I have no idea why anyone would buy a whole life policy right now anyway. just put the extra premium one would normally spend on whole life in the bank. term life policies are typically convertable to whole life.
take a young 35 yr old guy with a wife and family. he can get 1 million in cvg for 30 yrs... if he is in good health it might be less than $50/month. Fast fwd 30 years... the guy survived his term.. he's 65 yrs old and thinking about retiring. his need for cvg is drastically lower. Kids are gone, house is paid off. He takes that same policy and converts a small portion to whole life at a similar rating class to the one he was given 30 years ago. If this same guy now has say... cancer... he's still going to keep his previous preferred risk rating from when he was young and healthy.
if this same guy instead choose "whole life" at age 35 instead of term, he is probably going to spend $250+ / month for that million in cvg. And for what? So he build some cash value to borrow against? F that man. Gimme 1 mil peace of mind for $50 bucks/month.
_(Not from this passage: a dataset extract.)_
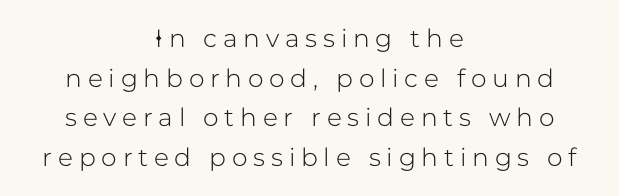
The image shows 25 px text type, upright; set centered, normal line spacing (1.59x), unusually wide letter spacing (+0.23 em), not underlined.
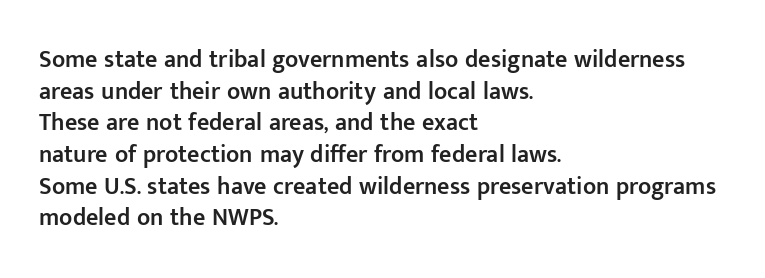
{"italic": "no", "bold": "semi", "underline": "no", "align": "left", "line_spacing": "normal", "line_spacing_ratio": 1.32, "letter_spacing": "normal", "letter_spacing_em": 0.0, "glyph_px": 24}

I'm not against permanent policies. Whole life is a very expensive permananet policy. There are much better permananet policies out there and term is an option, especially because you can convert it like the poster said.
Whole life is guaranteed, which is why it is expensive, but if you plan on using any of the cash values down the road, which is why you would take out Whole Life, your guarantees are gone anyway.
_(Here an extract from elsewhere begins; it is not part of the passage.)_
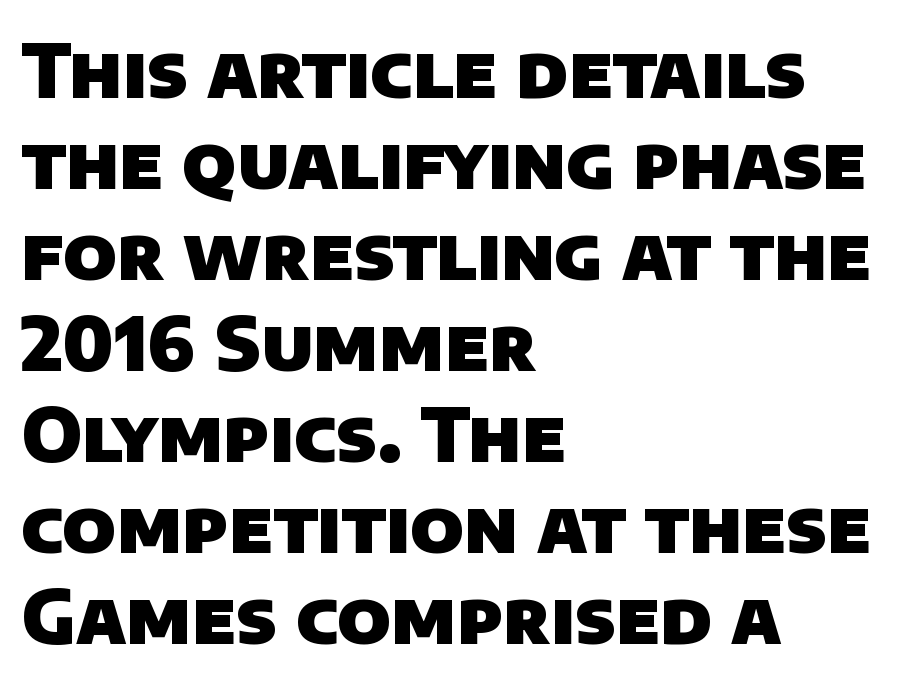
{"serif": "no", "bold": "yes", "weight": "heavy", "width": "normal", "stroke_contrast": "low", "x_height": "large", "monospaced": "no", "underline": "no", "align": "left", "line_spacing_ratio": 1.23, "letter_spacing": "normal", "letter_spacing_em": 0.0, "glyph_px": 74}

I have been in the insurance business for a lot of years but we don't sell whole life so not sure on commissions but I believe it is usually around 50%.
I would never focus on what the agent is going to make. All those commissions are priced into the product. Just focus on if this is the right policy for you.
The big question is what is the purpose of the insurance. That will help decide which type of policy you should buy. Whatever that answer is, there is probably a better policy than a Whole Life policy that fits that answer.